The dividend growth model is also referred to as the dividend discount model because it gives insight on whether a particular stock is on sale. Let's take a closer look at the dividend growth model in reference to stock issued by Company X.

The Dividend Growth Model Formula

When measuring the value of a given stock, investors do not consider the brand name or customer loyalty. Instead, they use the following formula to calculate value:

Stock value = D/ (k-g)

  • D is the expected annual dividend per share for the next year
  • k is the required rate of return, which is the minimum rate an investor would require in order to purchase the stock
  • g is the dividend's expected growth rate

As an investor in the stock issued by Company X, you expect Company X to pay a $2 dividend per share next year. You also expect the dividend paid by Company X to increase by 5% each year going forward.

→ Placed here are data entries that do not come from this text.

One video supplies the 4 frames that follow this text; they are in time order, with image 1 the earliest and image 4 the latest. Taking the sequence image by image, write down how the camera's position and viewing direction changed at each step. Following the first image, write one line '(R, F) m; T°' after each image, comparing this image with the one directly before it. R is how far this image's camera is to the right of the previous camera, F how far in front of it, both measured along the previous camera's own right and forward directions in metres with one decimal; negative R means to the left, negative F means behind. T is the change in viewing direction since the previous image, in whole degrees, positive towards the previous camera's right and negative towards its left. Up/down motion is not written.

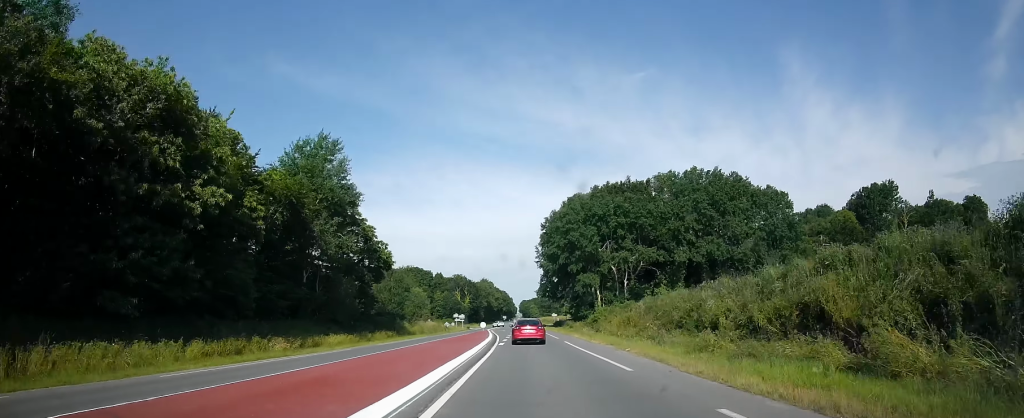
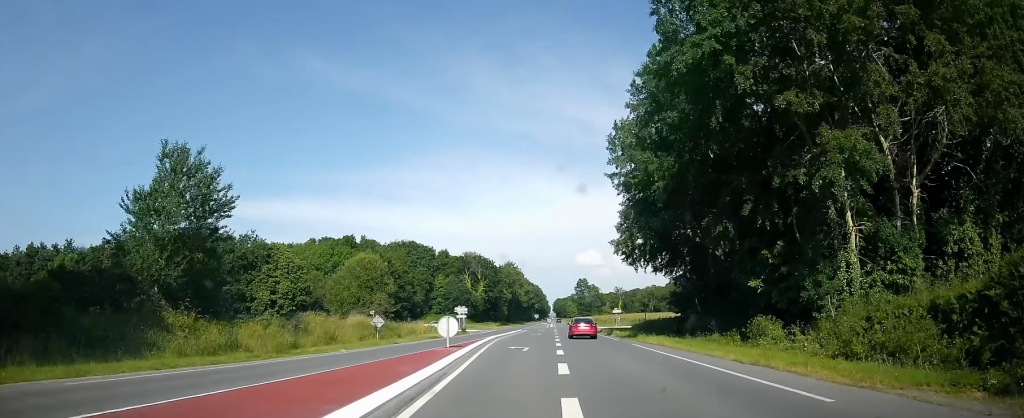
(0.0, +57.3) m; 0°
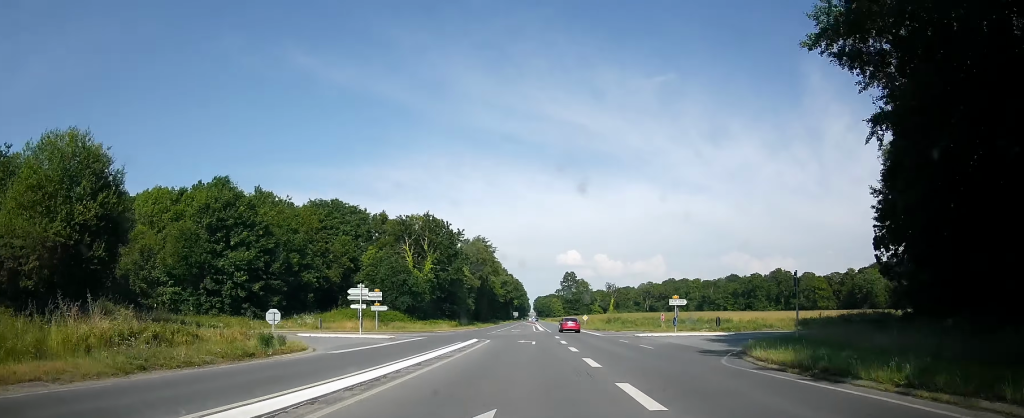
(+1.5, +44.3) m; +1°
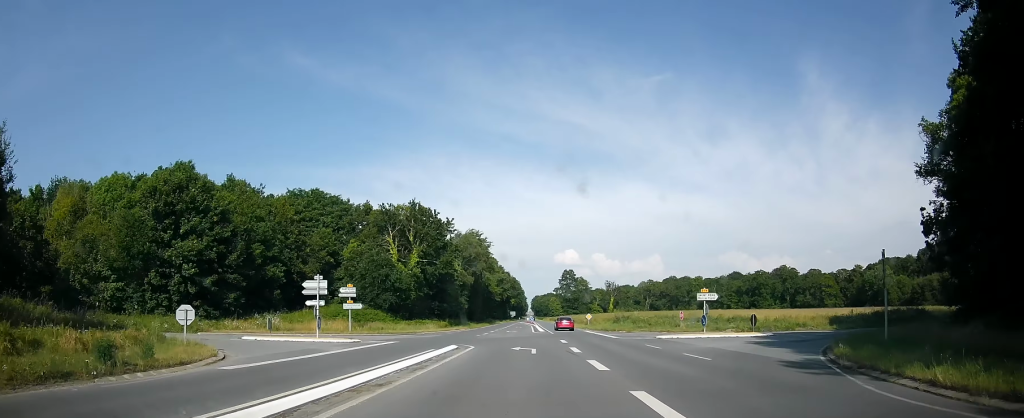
(-0.7, +8.0) m; 0°
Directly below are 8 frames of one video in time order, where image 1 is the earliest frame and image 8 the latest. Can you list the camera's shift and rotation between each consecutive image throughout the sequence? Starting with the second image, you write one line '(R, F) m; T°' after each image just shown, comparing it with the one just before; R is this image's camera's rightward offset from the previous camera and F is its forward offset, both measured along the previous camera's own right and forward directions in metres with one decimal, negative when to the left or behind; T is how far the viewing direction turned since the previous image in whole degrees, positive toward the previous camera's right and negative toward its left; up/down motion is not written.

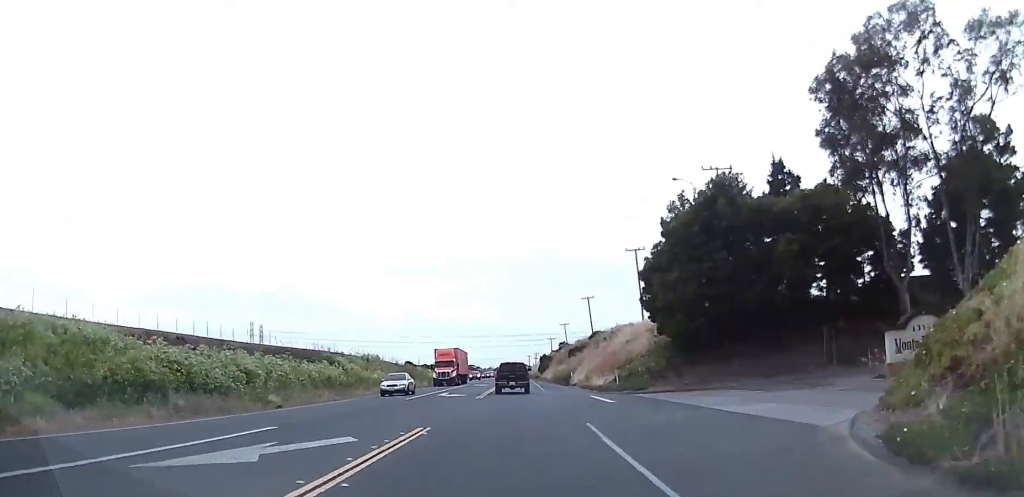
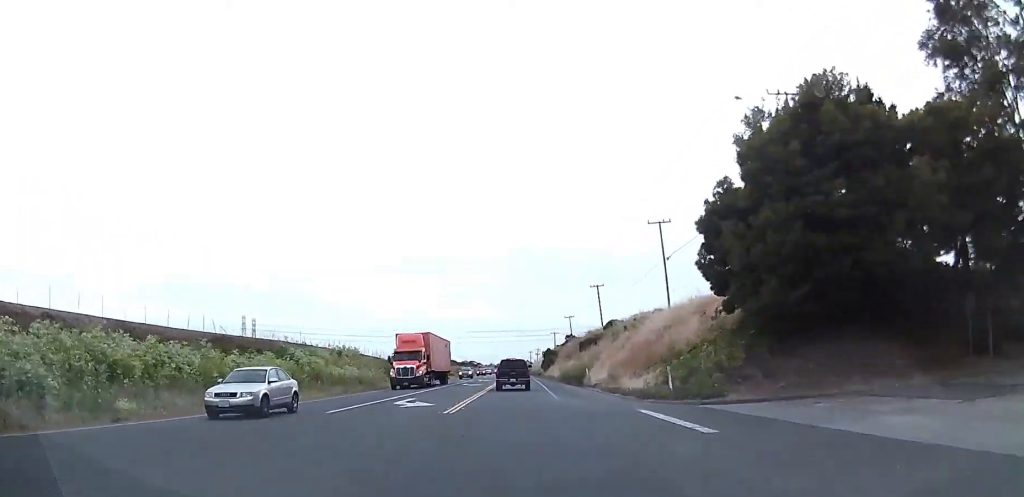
(+0.1, +14.5) m; 0°
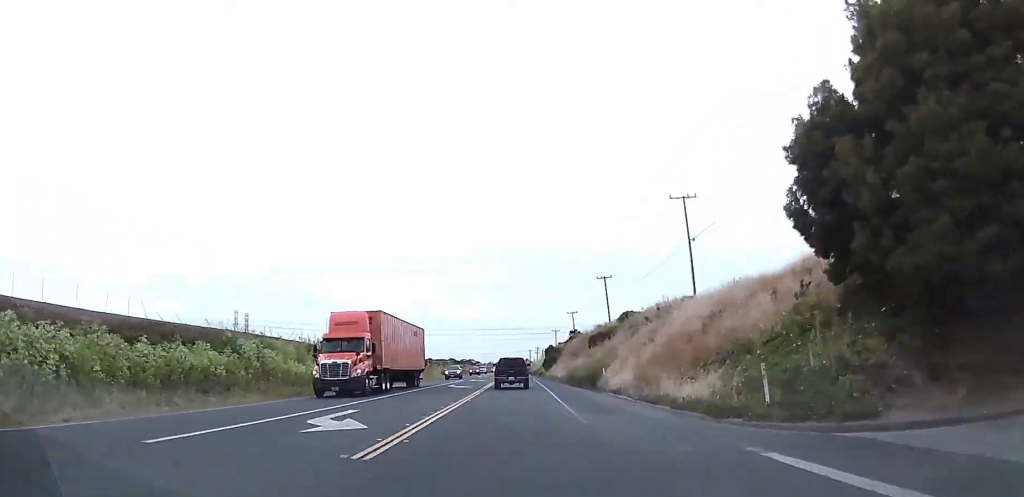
(+0.4, +10.7) m; -1°
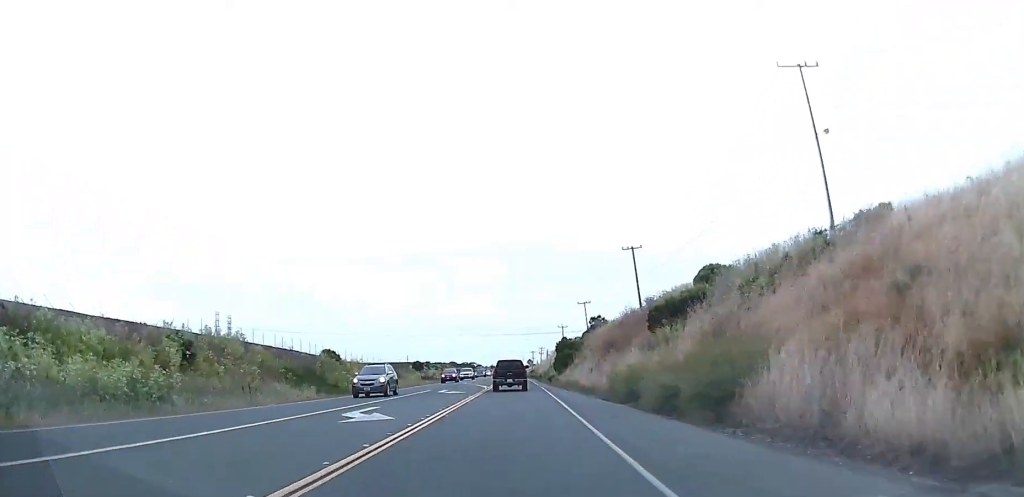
(-1.0, +27.8) m; -2°
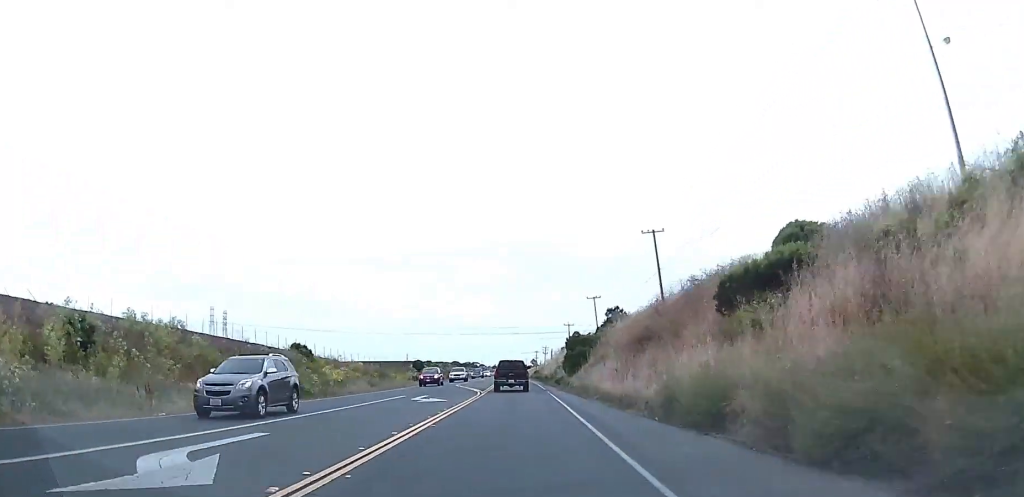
(+0.2, +10.9) m; 0°
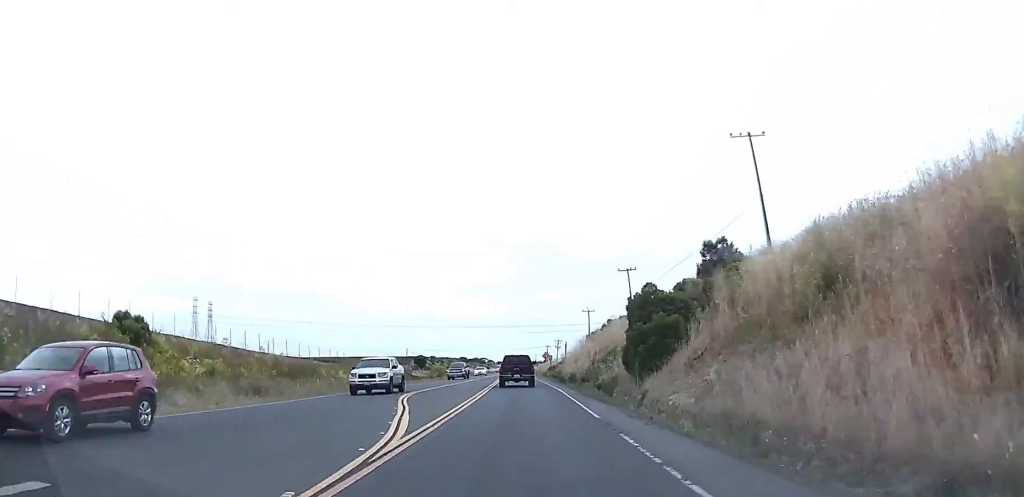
(+0.4, +29.4) m; +1°
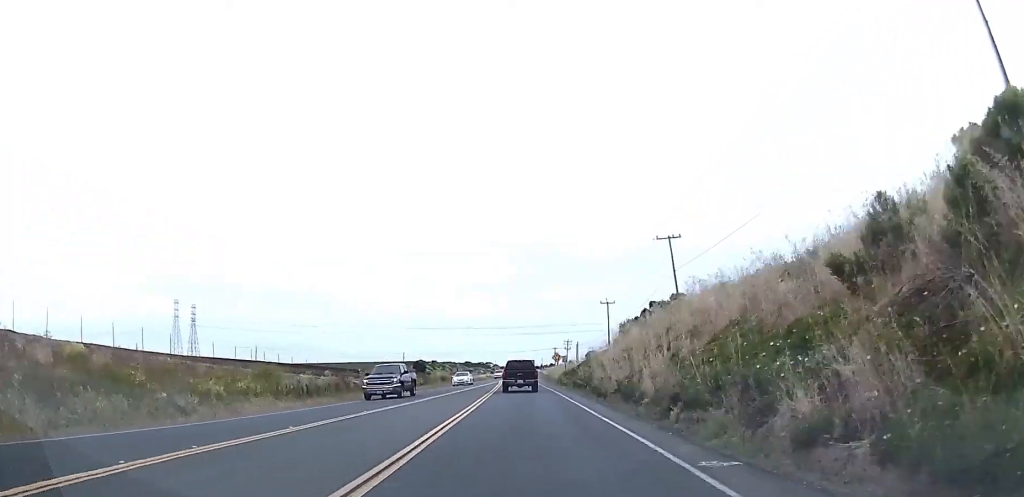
(0.0, +24.0) m; -1°
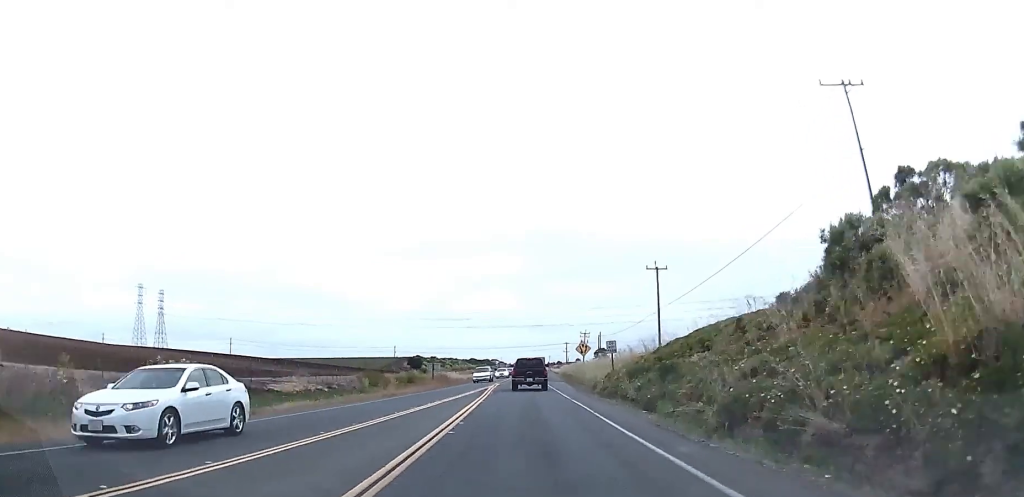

Let's assume you require a 15% rate of return on the stock issued by Company X. The stock in Company X is currently selling for $15 per share.

Using the dividend growth model, calculate the basic value of the stock as follows: stock value = $2 / (.15 - .05), which means stock value = $2 / .10. The basic value of the stock in Company X is $20 per share. Because the stock is currently selling for $15 per share, investors can conclude that the stock is currently selling at a discount.

Estimate the Expected Growth Rate

The dividend growth model requires investors to make an assumption regarding the dividend's expected growth rate. Generally, there are three methods to estimate the expected growth rate.

First, an investor can look at the historical growth pattern of the dividend and make an assumption based on that pattern. Another way to estimate dividend growth rate is to look at the industry in which the company operates and make an assumption based on the median growth rate of dividends paid by companies in the same industry. An investor could also use the sustainable growth rate formula to estimate a company's dividend growth rate.